#### [Records provided]
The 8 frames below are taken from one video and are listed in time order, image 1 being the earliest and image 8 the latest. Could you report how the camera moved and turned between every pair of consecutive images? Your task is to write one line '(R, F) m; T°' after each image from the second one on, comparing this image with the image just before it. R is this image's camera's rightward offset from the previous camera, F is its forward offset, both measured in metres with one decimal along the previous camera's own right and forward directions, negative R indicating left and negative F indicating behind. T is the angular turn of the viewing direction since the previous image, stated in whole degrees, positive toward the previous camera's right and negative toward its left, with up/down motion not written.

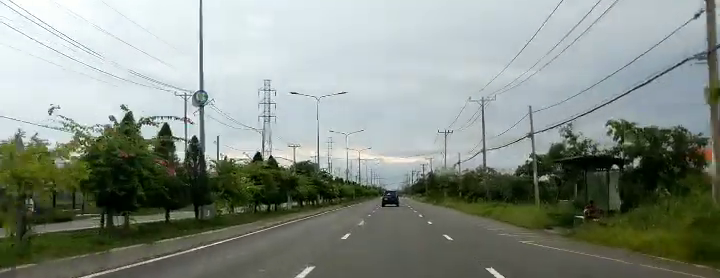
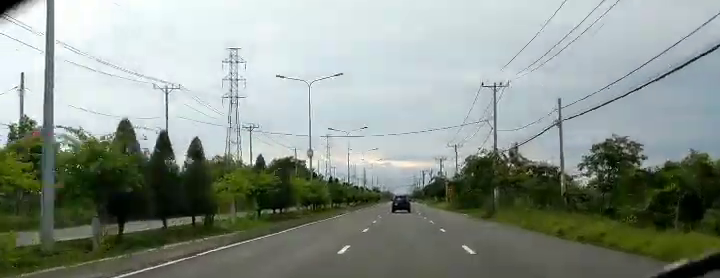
(-0.1, +52.4) m; -1°
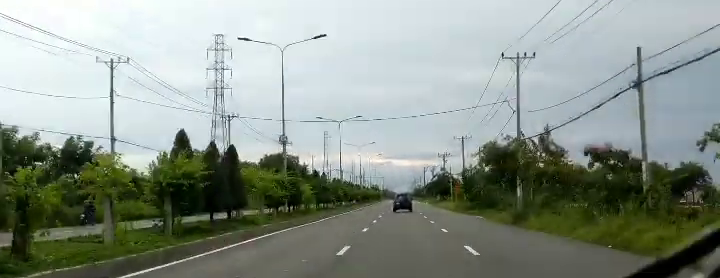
(-0.1, +12.7) m; 0°
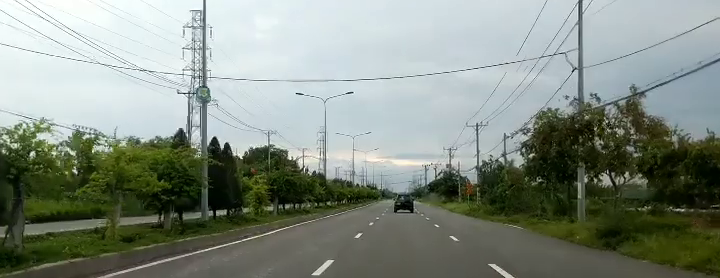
(0.0, +17.7) m; +1°
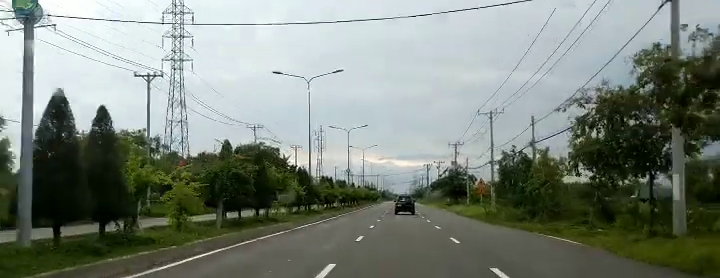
(+0.1, +12.1) m; +1°
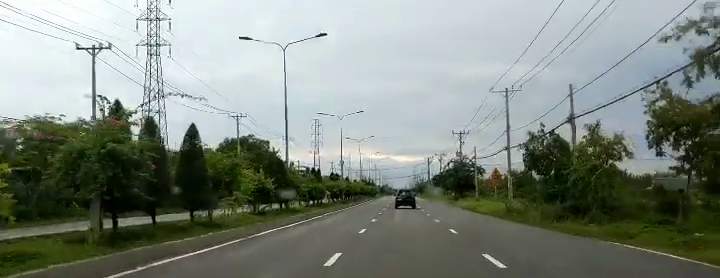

#### [What you need to do]
Pictures within the entries must not be reproduced; everything else is to be restated verbatim.

#### [Final answer]
The 8 frames below are taken from one video and are listed in time order, image 1 being the earliest and image 8 the latest. Could you report how the camera moved and turned between every pair of consecutive images? Your task is to write one line '(R, F) m; T°' after each image from the second one on, comparing this image with the image just before it. R is this image's camera's rightward offset from the previous camera, F is its forward offset, both measured in metres with one decimal along the previous camera's own right and forward directions, negative R indicating left and negative F indicating behind. T is the angular turn of the viewing direction since the previous image, stated in whole degrees, positive toward the previous camera's right and negative toward its left, with up/down motion not written.

(-0.1, +52.4) m; -1°
(-0.1, +12.7) m; 0°
(0.0, +17.7) m; +1°
(+0.1, +12.1) m; +1°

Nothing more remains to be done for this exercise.